* INPUT FOR THIS TASK

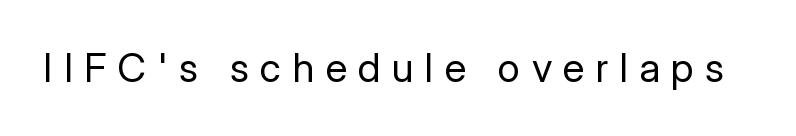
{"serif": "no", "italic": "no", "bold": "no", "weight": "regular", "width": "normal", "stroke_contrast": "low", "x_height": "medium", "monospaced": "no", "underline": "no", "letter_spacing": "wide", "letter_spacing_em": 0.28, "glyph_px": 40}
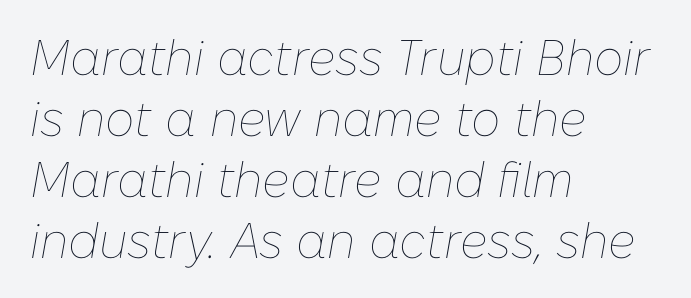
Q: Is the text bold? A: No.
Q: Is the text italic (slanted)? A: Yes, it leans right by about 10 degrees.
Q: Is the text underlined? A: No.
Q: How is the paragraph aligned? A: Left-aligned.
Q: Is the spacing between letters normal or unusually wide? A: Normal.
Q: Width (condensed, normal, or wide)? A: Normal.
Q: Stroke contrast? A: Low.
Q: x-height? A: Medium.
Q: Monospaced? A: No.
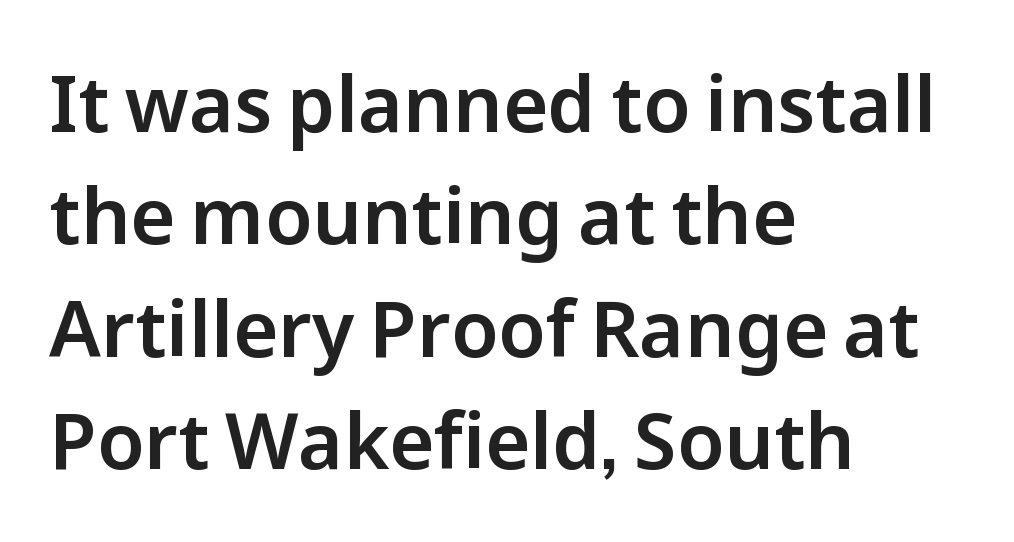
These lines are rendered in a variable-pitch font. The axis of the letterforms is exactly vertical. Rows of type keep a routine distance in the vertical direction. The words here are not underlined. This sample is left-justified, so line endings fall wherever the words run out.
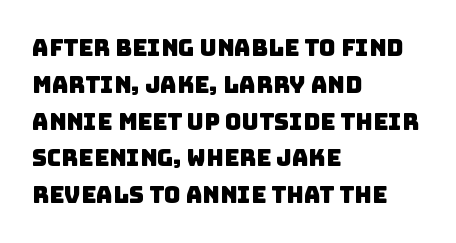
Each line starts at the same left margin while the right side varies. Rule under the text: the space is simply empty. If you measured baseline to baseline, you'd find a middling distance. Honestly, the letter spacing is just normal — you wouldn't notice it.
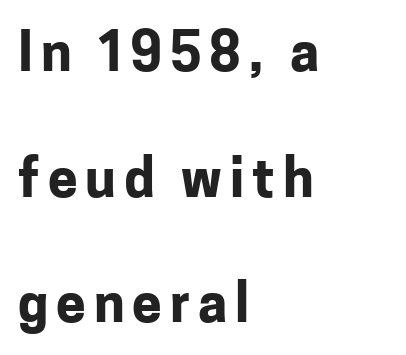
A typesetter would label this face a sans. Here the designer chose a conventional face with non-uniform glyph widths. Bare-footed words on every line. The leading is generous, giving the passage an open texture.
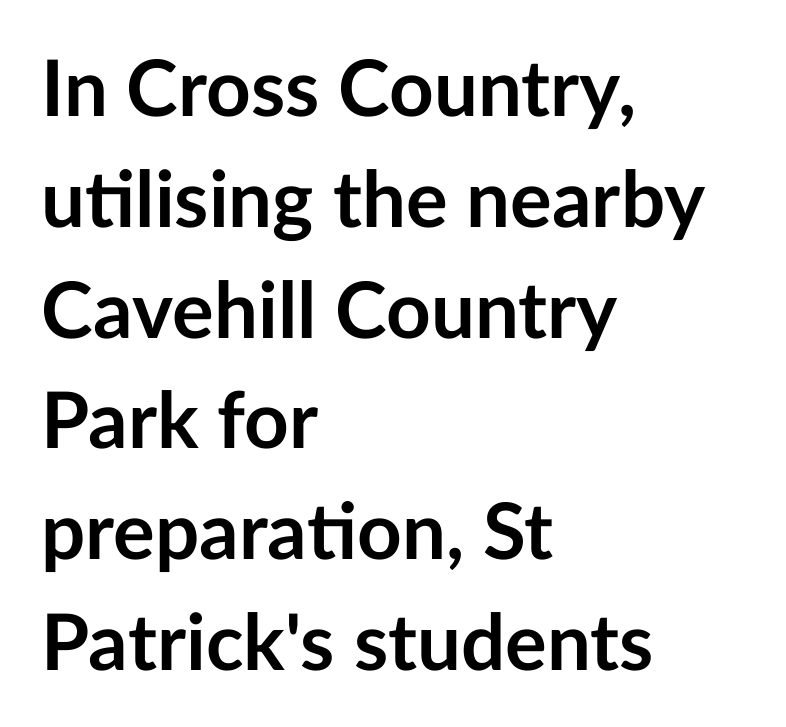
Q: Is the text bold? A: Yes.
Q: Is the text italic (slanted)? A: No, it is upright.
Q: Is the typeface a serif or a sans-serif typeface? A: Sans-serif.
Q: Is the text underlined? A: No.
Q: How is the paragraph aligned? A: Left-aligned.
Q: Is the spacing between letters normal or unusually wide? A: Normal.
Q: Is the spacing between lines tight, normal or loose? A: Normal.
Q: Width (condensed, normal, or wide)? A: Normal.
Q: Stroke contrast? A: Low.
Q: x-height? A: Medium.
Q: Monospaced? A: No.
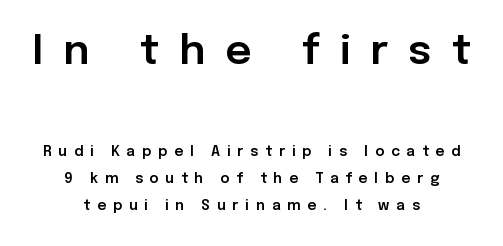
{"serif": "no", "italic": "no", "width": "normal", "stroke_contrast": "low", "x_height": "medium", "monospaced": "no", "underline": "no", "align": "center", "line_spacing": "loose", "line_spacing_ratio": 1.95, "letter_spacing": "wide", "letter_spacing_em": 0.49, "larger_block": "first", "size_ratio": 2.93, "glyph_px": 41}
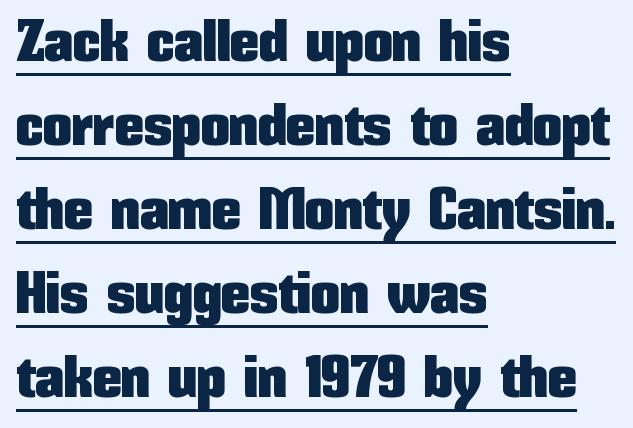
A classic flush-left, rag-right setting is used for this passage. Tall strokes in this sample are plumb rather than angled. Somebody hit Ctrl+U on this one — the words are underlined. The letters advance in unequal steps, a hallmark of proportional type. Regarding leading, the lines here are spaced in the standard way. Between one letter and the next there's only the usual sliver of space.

* TASK DETAILS
Line by line, write out the records above exactly, skipping the pictures.

* ANSWER SECTION
{"serif": "no", "italic": "no", "bold": "no", "weight": "regular", "width": "normal", "stroke_contrast": "low", "x_height": "medium", "monospaced": "no", "underline": "no", "letter_spacing": "wide", "letter_spacing_em": 0.28, "glyph_px": 40}
Q: Is the text bold? A: No.
Q: Is the text italic (slanted)? A: Yes, it leans right by about 10 degrees.
Q: Is the text underlined? A: No.
Q: How is the paragraph aligned? A: Left-aligned.
Q: Is the spacing between letters normal or unusually wide? A: Normal.
Q: Width (condensed, normal, or wide)? A: Normal.
Q: Stroke contrast? A: Low.
Q: x-height? A: Medium.
Q: Monospaced? A: No.
These lines are rendered in a variable-pitch font. The axis of the letterforms is exactly vertical. Rows of type keep a routine distance in the vertical direction. The words here are not underlined. This sample is left-justified, so line endings fall wherever the words run out.
Each line starts at the same left margin while the right side varies. Rule under the text: the space is simply empty. If you measured baseline to baseline, you'd find a middling distance. Honestly, the letter spacing is just normal — you wouldn't notice it.
A typesetter would label this face a sans. Here the designer chose a conventional face with non-uniform glyph widths. Bare-footed words on every line. The leading is generous, giving the passage an open texture.
Q: Is the text bold? A: Yes.
Q: Is the text italic (slanted)? A: No, it is upright.
Q: Is the typeface a serif or a sans-serif typeface? A: Sans-serif.
Q: Is the text underlined? A: No.
Q: How is the paragraph aligned? A: Left-aligned.
Q: Is the spacing between letters normal or unusually wide? A: Normal.
Q: Is the spacing between lines tight, normal or loose? A: Normal.
Q: Width (condensed, normal, or wide)? A: Normal.
Q: Stroke contrast? A: Low.
Q: x-height? A: Medium.
Q: Monospaced? A: No.
{"serif": "no", "italic": "no", "width": "normal", "stroke_contrast": "low", "x_height": "medium", "monospaced": "no", "underline": "no", "align": "center", "line_spacing": "loose", "line_spacing_ratio": 1.95, "letter_spacing": "wide", "letter_spacing_em": 0.49, "larger_block": "first", "size_ratio": 2.93, "glyph_px": 41}
A classic flush-left, rag-right setting is used for this passage. Tall strokes in this sample are plumb rather than angled. Somebody hit Ctrl+U on this one — the words are underlined. The letters advance in unequal steps, a hallmark of proportional type. Regarding leading, the lines here are spaced in the standard way. Between one letter and the next there's only the usual sliver of space.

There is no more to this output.